- Arantepacua Arantepacua
- Coordinates: 19°35′44″N 101°58′06″W﻿ / ﻿19.59556°N 101.96833°W

Population (2020)
- • Total: 3,505

= Arantepacua =

Arantepacua is a locality located in the municipality of Nahuatzen, in the Mexican state of Michoacán. As of 2020, it has a population of 3,505. Arantepacua's autonomous form of governance, and environmental policies, have drawn comparisons to nearby municipality of Cherán.

== History ==
Since the 1950s, Arantepacua has had a territorial dispute with the neighboring community of Capácuaro over 1000 ha of forested land. Locals allege that by the 2010s, Arantepacua had a longstanding feud with the state government, due to such territorial disputes, and claimed that state police were overzealous in policing the town as a result.

On 4 April 2017, a delegation from Arantepacua had traveled to the nearby city of Morelia to meet with representatives. On the way back, state police stopped and arrested the delegation. Members of the delegation said the state police accused them of blocking a nearby road, and stealing their vehicle, and that the state police beat and used tear gas on them.

On 5 April 2017, residents of Arantepacua protested the arrest of the delegates, and blockaded a highway running through the settlement. That day, Michoacán state police conducted a raid on the settlement with the stated purpose of retrieving stolen vehicles. Some locals claim that the raid that day was a guise for state police to punish the Arantepacua for these disputes. Eyewitnesses allege that the raid consisted of more than 800 police officers, who started firing live bullets indiscriminately. The raid killed four people, and resulted in 38 arrests, and 31 people injured. Mexico's National Human Rights Commission called the events that day "serious violations of the rights to life, liberty, security and personal integrity - due to acts constituting torture -, of meeting, to the best interest of children and a life free of violence, to the detriment of the indigenous population".

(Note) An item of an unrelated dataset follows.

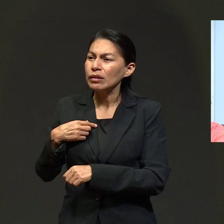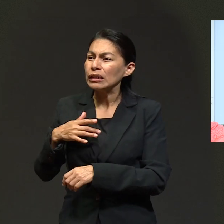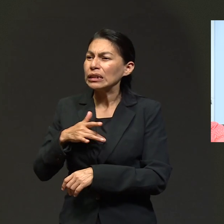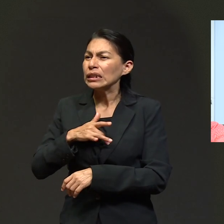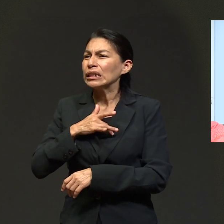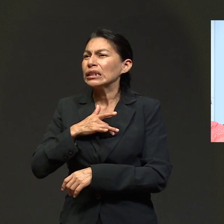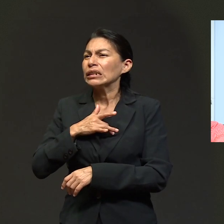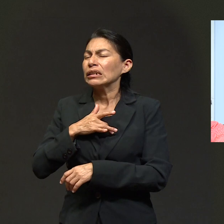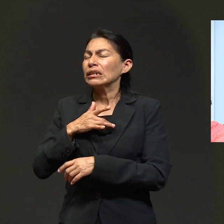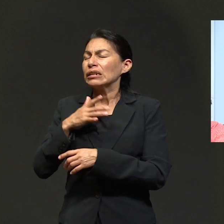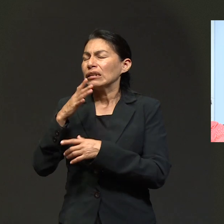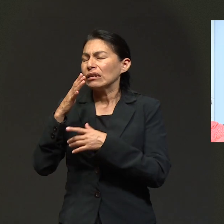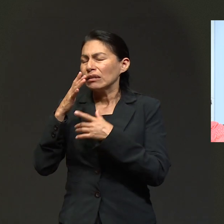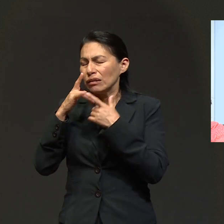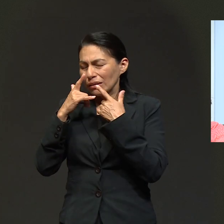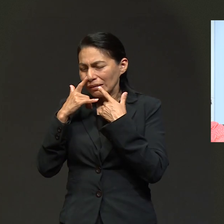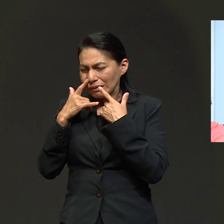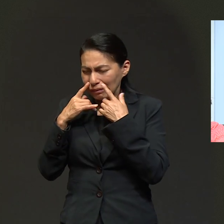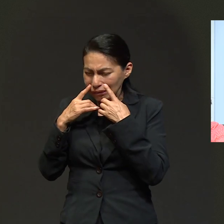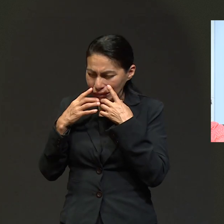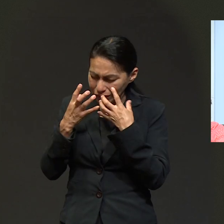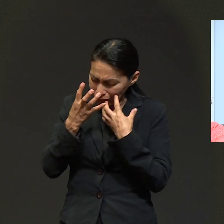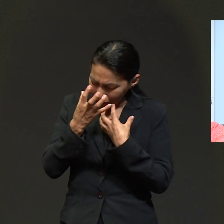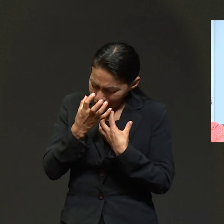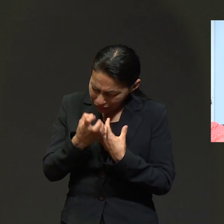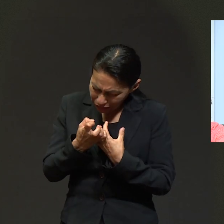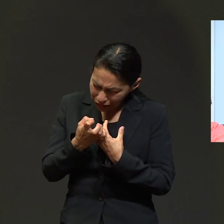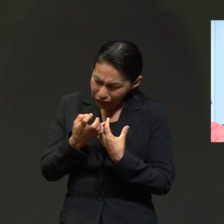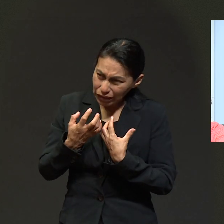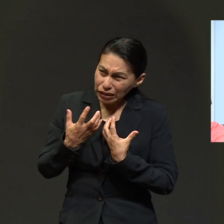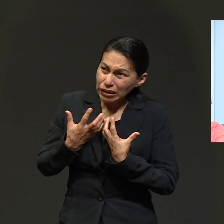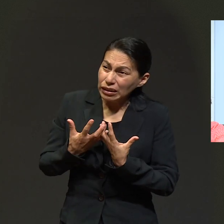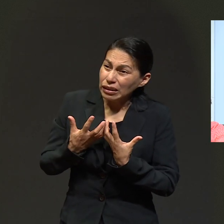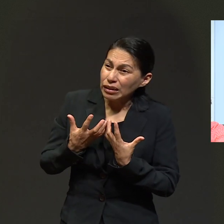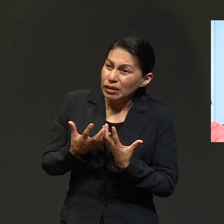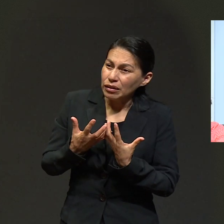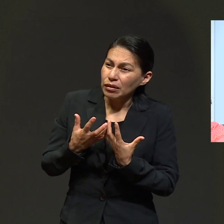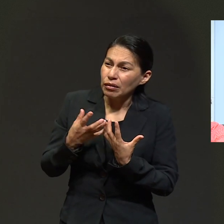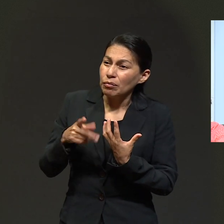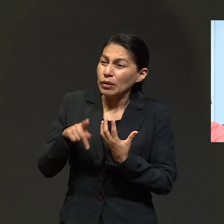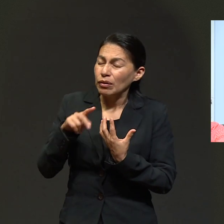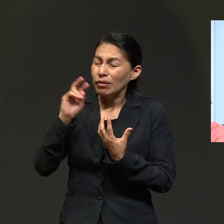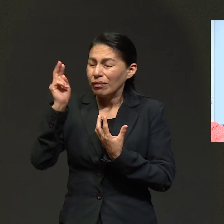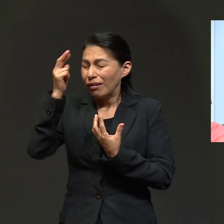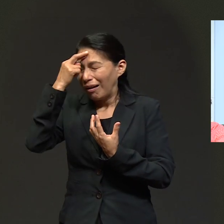que igual me sentí triste, me sentí como, tal vez, como un tipo de ansiedad.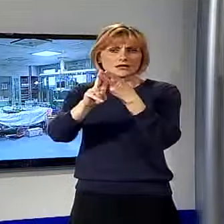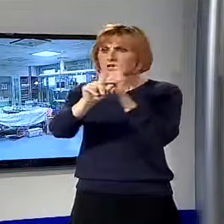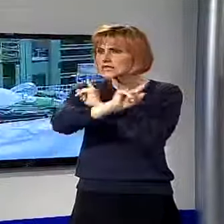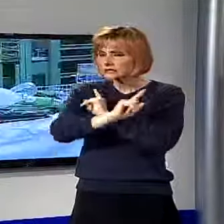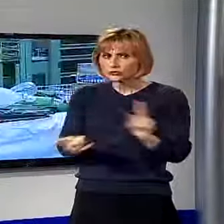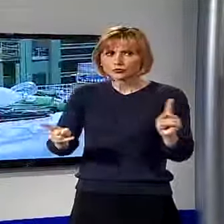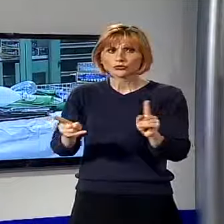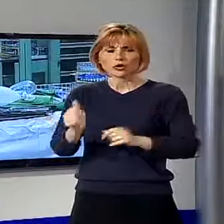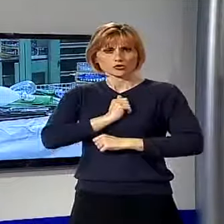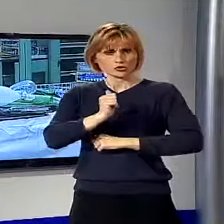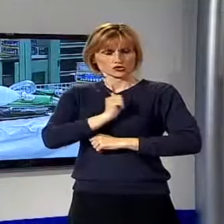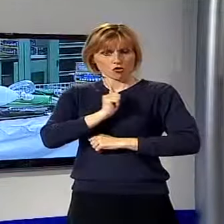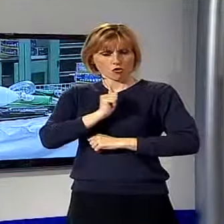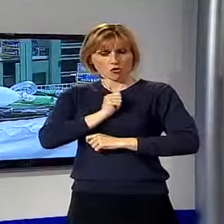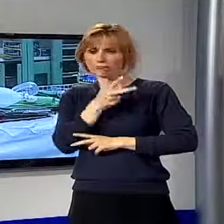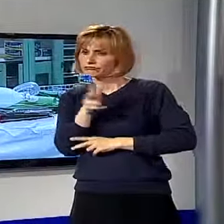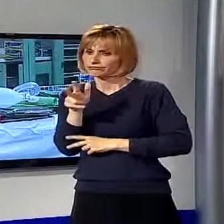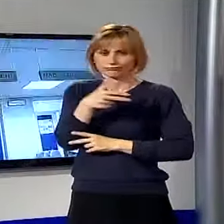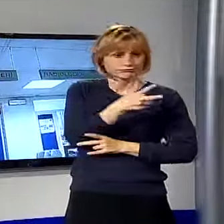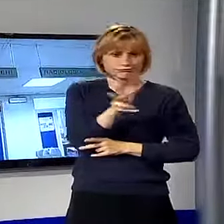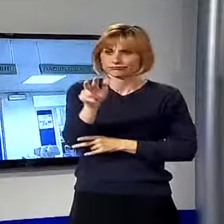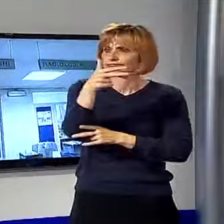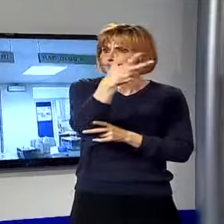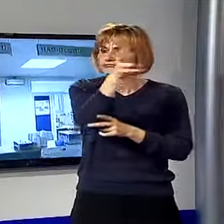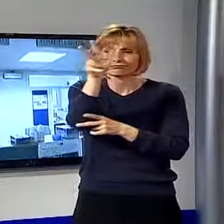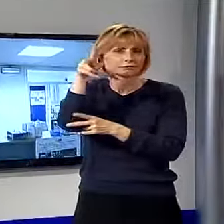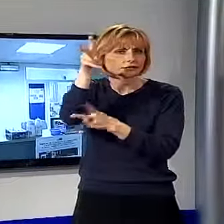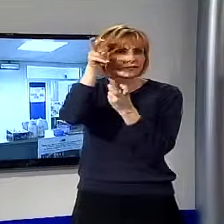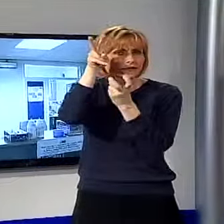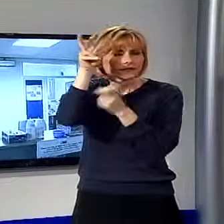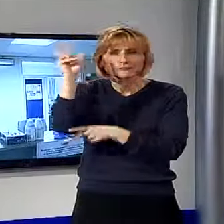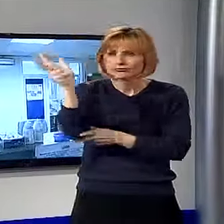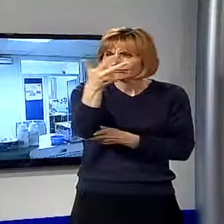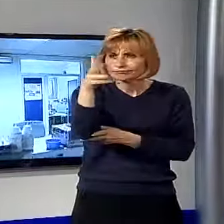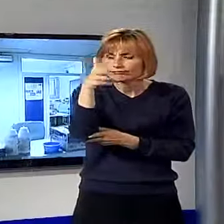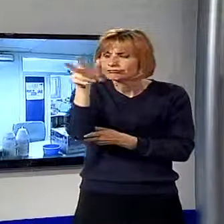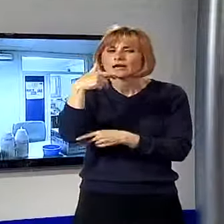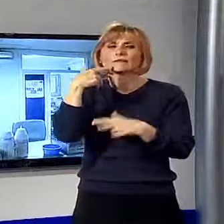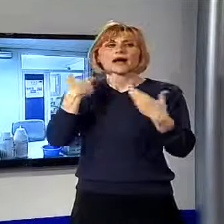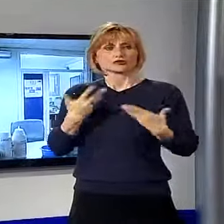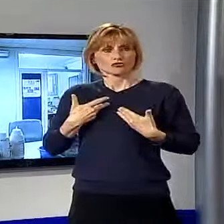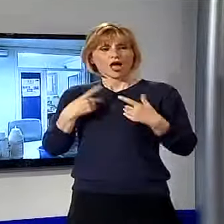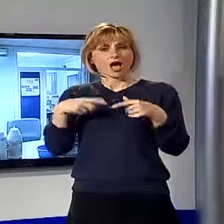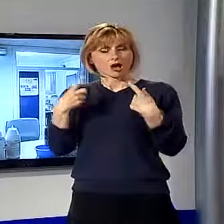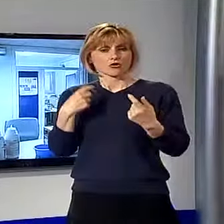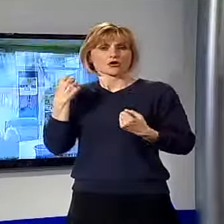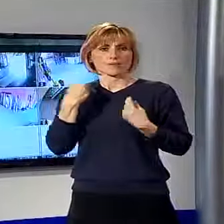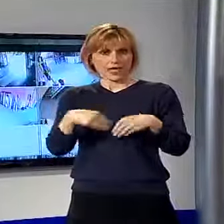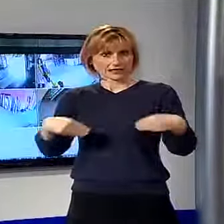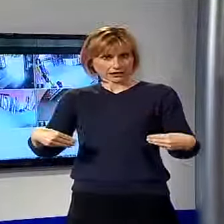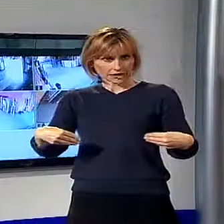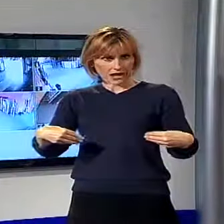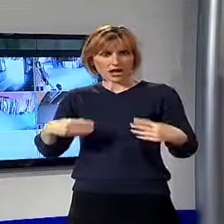rimanendo completamente sola e libera di operare all'interno degli ambienti, dove comunque sono ancora presenti varie attrezzature.

The following day, Arantepacua set up a makeshift checkpoint to prevent police entry, and began overhauling its local government. In the aftermath of the raid, Arantepacua applied for autonomy, which the Constitution of Mexico allows for Indigenous communities. Arantepacua was formally granted autonomy in 2018.

== Demographics ==
As of 2020, Arantepacua has a population of 3,505, comprising 1,690 males, and 1,815 females. 1,027 of its residents (29.30%) are aged 14 and under, 900 (25.68%) are aged 15 to 29, 1,202 (34.29%) are aged 30 to 59, and 376 (10.73%) are aged 60 and older. Mexico's National Institute of Statistics and Geography classifies 140 of its residents (3.99%) as disabled.

== Environmental issues ==
Various neighboring communities to Arantepacua, including Carácuaro and Turícuaro, have significantly expanded avocado cultivation in the early 2020s, which some Arantepacua residents say has resulted in deforestation, water scarcity, and significant agrochemical usage. Upon achieving autonomy in 2018, Arantepacua's new government outlawed avocado cultivation on communal forests.